Monday, December 4, 2017
That's the title of a short piece that Doug Laycock and I have posted at the Berkley (Georgetown) Forum about Masterpiece Cakeshop. It summarizes aspects of the amicus brief we filed presenting the free-exercise case for baker Jack Phillips, and it argues that
recognizing a carefully defined right in circumstances like Phillips’s, while applying nondiscrimination laws in most cases of commercial services, would appropriately protect both sides in the conflict between same-sex marriage and religious liberty rights.
Thursday, November 30, 2017
An article in the Nation magazine, by William Greider, discusses on an "autopsy" report on "What Killed the Democratic Party?" The conclusion is that the party left behind working people and unions (and minorities as well) in order to chase big donors by giving them more pro-business policies (and, one might add, cultural progressivism, but the Nation would never see that as part of the disconnect). Sanders, of course, was the messenger of the revolt, and:
Many young people are even to the left of Bernie. A YouGov poll in January 2016 found that 43 percent of people under the age of 30 had a favorable opinion of socialism, versus just 26 percent unfavorable. A recent poll of 18-to-29-year-olds by Harvard University found that a majority of the respondents did not “support capitalism.” This was too much for Representative Nancy Pelosi, the House minority leader. At a postelection town hall, she bolted out of her seat to declare: “I have to say, we’re capitalists—that’s just the way it is.” Maybe it’s time for the Democrats to start a conversation with these young lefties.
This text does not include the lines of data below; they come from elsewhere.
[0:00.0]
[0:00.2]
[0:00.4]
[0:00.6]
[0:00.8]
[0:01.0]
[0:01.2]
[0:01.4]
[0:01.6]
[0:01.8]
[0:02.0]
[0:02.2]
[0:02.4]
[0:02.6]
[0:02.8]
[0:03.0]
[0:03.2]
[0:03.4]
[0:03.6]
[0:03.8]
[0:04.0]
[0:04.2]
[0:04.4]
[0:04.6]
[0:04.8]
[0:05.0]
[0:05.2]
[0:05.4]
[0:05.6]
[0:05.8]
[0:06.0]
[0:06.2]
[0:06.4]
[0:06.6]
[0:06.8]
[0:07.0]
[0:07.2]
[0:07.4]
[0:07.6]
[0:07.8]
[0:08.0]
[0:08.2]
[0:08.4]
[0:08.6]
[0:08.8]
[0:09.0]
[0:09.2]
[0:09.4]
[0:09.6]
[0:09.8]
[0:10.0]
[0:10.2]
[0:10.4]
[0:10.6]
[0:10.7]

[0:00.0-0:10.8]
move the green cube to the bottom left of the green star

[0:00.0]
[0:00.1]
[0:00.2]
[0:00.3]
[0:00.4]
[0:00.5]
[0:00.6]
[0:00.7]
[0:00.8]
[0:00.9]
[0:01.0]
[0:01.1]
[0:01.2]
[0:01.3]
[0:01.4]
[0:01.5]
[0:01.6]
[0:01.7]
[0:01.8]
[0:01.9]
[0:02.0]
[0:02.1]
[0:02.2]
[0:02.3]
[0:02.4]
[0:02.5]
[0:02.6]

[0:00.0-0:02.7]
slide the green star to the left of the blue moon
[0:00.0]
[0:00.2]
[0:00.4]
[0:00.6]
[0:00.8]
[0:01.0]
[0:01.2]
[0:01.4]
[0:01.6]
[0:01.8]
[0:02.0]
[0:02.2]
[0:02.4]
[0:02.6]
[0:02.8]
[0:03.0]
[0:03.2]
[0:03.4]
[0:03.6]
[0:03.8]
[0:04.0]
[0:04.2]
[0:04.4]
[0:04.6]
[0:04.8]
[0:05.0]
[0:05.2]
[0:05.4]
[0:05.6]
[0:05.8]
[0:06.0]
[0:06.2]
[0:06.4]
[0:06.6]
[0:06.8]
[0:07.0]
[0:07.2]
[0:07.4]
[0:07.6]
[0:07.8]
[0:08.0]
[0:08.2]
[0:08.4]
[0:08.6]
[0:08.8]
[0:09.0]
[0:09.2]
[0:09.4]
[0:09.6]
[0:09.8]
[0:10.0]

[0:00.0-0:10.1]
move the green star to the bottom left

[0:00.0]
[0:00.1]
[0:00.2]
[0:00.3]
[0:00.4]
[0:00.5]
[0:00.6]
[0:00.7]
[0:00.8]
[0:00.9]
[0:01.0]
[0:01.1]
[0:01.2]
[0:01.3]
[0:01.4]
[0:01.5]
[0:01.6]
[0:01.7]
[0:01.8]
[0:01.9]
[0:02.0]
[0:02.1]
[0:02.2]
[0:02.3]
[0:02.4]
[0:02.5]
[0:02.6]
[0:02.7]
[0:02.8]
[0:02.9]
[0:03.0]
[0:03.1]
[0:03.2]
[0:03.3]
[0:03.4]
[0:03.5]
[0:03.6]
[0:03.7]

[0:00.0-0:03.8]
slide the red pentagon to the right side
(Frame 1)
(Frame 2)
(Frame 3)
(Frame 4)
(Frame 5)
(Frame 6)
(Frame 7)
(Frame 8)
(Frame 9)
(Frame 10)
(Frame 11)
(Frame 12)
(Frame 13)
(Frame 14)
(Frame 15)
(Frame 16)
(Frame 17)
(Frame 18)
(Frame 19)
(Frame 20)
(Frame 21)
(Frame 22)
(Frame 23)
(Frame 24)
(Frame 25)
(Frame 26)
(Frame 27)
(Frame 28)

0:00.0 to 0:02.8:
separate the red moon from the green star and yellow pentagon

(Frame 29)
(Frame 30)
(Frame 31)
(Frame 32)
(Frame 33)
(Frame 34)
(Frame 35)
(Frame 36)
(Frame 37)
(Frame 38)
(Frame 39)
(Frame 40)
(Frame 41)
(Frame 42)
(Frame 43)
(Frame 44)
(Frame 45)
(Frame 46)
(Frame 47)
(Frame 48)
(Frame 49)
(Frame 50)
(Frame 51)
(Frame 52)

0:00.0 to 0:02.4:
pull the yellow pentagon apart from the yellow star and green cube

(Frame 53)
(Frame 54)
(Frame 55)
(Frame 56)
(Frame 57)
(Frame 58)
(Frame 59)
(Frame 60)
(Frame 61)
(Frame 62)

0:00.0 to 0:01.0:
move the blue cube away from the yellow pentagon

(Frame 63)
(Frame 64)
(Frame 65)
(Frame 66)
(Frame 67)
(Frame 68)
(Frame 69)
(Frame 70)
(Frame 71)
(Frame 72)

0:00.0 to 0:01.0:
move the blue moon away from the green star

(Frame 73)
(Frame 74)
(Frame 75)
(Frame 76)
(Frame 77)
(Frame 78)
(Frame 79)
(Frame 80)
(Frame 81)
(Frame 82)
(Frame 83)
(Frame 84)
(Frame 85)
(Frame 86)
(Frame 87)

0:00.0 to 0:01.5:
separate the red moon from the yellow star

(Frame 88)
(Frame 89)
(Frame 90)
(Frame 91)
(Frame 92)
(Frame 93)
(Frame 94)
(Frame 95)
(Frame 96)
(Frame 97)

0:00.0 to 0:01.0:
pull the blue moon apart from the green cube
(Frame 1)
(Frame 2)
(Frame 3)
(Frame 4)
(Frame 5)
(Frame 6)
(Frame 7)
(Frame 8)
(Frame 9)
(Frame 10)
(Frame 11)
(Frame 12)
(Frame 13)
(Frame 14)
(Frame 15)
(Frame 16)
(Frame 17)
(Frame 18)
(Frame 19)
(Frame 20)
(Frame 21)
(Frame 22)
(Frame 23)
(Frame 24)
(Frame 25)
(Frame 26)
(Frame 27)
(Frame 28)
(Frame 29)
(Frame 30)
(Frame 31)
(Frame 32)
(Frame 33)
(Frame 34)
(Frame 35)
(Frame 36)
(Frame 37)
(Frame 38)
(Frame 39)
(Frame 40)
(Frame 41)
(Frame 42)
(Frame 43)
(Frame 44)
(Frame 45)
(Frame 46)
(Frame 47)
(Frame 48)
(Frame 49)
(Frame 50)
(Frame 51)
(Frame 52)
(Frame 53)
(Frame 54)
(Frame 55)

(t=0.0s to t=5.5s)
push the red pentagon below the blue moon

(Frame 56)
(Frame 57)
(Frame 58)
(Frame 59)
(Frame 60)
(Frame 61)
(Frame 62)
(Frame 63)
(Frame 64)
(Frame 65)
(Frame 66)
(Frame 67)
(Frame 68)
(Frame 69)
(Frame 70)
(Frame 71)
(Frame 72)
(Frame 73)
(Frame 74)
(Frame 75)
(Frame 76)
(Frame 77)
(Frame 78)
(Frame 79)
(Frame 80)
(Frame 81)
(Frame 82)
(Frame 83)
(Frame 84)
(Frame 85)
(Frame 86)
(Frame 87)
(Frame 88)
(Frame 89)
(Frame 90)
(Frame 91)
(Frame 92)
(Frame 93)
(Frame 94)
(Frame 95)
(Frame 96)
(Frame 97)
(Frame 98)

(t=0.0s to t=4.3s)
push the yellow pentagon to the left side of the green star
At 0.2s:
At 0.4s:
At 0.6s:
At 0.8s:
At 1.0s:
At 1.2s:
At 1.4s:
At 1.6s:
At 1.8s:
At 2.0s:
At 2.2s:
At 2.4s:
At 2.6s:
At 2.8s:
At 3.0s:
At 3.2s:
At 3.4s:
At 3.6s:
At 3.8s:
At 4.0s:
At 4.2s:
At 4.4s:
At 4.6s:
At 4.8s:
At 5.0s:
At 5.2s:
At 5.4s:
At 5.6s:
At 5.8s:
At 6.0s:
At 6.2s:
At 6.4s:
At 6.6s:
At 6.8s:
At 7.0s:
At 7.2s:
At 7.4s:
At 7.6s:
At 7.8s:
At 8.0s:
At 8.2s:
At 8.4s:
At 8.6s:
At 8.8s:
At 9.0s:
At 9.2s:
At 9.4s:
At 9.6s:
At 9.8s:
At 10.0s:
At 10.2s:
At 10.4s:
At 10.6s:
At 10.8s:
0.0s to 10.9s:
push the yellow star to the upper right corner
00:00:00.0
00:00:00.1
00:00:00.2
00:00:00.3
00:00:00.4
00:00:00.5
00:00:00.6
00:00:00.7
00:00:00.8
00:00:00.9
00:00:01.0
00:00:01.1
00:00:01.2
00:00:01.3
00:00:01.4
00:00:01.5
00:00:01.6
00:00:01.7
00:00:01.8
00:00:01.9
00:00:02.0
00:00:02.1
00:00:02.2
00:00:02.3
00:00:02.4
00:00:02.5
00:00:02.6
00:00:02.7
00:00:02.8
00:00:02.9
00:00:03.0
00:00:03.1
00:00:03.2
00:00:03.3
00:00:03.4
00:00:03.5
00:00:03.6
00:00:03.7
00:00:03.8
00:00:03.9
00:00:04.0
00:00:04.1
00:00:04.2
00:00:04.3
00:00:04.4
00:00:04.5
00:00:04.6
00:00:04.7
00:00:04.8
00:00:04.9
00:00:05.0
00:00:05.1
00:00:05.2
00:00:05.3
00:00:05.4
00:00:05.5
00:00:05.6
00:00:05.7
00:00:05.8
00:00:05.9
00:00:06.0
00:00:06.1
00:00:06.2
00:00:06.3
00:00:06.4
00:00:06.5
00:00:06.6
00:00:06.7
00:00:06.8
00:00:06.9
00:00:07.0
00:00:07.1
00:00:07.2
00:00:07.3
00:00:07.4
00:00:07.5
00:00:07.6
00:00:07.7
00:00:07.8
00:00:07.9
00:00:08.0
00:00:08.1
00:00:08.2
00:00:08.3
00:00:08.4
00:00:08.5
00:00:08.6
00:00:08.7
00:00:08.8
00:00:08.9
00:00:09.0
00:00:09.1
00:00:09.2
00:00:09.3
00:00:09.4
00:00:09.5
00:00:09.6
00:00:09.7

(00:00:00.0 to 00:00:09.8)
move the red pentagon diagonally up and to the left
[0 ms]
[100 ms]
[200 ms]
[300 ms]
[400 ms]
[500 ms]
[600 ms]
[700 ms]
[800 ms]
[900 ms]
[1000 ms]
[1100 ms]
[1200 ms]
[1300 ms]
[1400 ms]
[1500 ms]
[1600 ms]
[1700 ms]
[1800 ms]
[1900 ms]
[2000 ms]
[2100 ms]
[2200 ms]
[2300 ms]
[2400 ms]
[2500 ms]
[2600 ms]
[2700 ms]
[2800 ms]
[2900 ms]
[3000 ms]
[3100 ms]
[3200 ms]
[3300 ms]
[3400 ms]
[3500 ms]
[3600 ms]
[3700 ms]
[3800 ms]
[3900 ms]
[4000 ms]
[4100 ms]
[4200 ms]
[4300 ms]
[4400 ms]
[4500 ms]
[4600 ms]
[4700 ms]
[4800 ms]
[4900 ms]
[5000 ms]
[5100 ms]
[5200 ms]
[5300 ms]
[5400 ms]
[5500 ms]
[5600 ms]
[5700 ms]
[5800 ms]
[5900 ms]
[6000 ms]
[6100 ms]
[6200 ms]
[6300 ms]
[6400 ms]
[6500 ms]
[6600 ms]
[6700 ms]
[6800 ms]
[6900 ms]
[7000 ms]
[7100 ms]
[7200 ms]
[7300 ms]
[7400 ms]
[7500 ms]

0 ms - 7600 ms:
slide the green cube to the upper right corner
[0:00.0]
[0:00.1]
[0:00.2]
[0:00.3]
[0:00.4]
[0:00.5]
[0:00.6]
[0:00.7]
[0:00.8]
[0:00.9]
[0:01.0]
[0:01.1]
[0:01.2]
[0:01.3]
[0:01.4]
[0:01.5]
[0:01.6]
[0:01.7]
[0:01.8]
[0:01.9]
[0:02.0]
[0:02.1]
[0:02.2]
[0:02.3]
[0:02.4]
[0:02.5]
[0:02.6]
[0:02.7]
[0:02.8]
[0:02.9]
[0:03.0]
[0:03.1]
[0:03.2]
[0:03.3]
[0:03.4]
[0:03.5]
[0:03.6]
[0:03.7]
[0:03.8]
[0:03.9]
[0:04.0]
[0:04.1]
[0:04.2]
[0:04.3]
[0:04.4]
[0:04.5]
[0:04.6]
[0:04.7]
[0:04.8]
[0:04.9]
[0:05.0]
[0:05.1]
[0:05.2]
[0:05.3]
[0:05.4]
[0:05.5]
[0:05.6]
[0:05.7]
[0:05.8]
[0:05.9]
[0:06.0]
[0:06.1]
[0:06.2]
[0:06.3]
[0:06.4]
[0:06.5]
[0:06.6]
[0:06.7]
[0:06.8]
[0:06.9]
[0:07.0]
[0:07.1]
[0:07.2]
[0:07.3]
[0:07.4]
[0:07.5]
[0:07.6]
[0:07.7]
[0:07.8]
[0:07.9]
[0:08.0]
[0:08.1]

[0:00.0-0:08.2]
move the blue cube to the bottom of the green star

People shouldn't forget the line (whoever said it) that anyone who's not a socialist at 20 has no heart and anyone who is a socialist at 30 has no brain. But with that said, the great recession, and the long-term instability in the economy and the job market caused by technological revolution, may well make this young generation more hospitable to government intervention for the long term, not just for the moment.
But why does it have to be "socialism, not capitalism"? The New Deal was understood, and won long-lasting support in part because it was understood, as a means not to replace capitalism, but to preserve it by curbing its excesses--excesses that threatened to lead to destructive unrest. Just how much intervention that requires is, of course, a matter of debate and practical judgment. Maybe the meltdown of 2008 showed the need for a lot more regulation in order in order to restore the fair working of a basic market-based economy. (That conclusion seems consistent, BTW, with the Catholic social tradition's affirmation of the need for a "strong juridical framework" to regulate markets--although I agree that CST principles also could support more limited conceptions of the "strong juridical framework.")
In any event, the argument about saving capitalism and markets still, today, seems to me to be more effective--reaching a far wider range of people--than the argument pining for socialism as an ideal. (To say nothing of remembering all the problems with how socialism has actually worked.)